Küçüközyiğit has been missing since December 29. He was a successful lawyer who served as the chief legal counsel for the Turks Abroad and Related Communities Agency (YTB). He was fired from his job by a government decree in the aftermath of a coup attempt in July 2016. He was later sentenced to six years, three months in prison for “membership in a terrorist organization” due to his alleged ties to the Gülen movement, a faith-based group inspired by Turkish cleric Fethullah Gülen. Küçüközyiğit was released from pretrial detention pending appeal.

President Erdoğan has been targeting followers of the Gülen movement since the corruption investigations of December 17-25, 2013, which implicated then-Prime Minister Erdoğan, his family members and his inner circle.

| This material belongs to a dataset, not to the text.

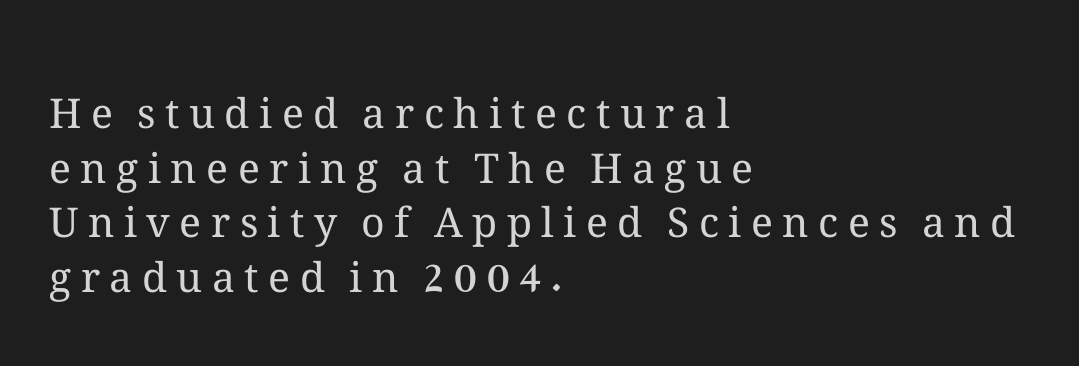
{"italic": "no", "bold": "no", "weight": "regular", "width": "normal", "stroke_contrast": "medium", "x_height": "medium", "monospaced": "no", "underline": "no", "align": "left", "line_spacing": "normal", "line_spacing_ratio": 1.33, "letter_spacing": "wide", "letter_spacing_em": 0.23, "glyph_px": 41}

Dismissing the investigations as a Gülenist coup and conspiracy against his government, Erdoğan designated the Gülen movement as a terrorist organization and began to target its members. He intensified the crackdown on the movement following the coup attempt, that he accused Gülen of masterminding. Gülen and the movement strongly deny involvement in the abortive putsch or any terrorist activity.

Amnesty International issued an urgent call for action at the beginning of February for a thorough investigation of Küçüközyiğit’s disappearance.

Nearly 30 people have reportedly been abducted by Turkish intelligence since 2016. Most of the abductions targeted members of the Gülen movement. Many of the abductees mysteriously reappeared in police custody in Ankara after six to nine-month absences.

Apparently intimidated, most of them had kept their silence after their reappearance. Speaking at a court hearing in February 2020, one of the abductees, Gökhan Türkmen, revealed that he had been held incommunicado at a black site in Ankara run by Turkey’s intelligence agency and subjected to severe torture during his 271-day stay. Türkmen was the object of threats and was sexually harassed and abused during his enforced disappearance. He also alleged that he was visited in prison and threatened no less than six times by officials who introduced themselves as intelligence officers, pressuring him to retract his allegations of abduction and torture made at the February hearing.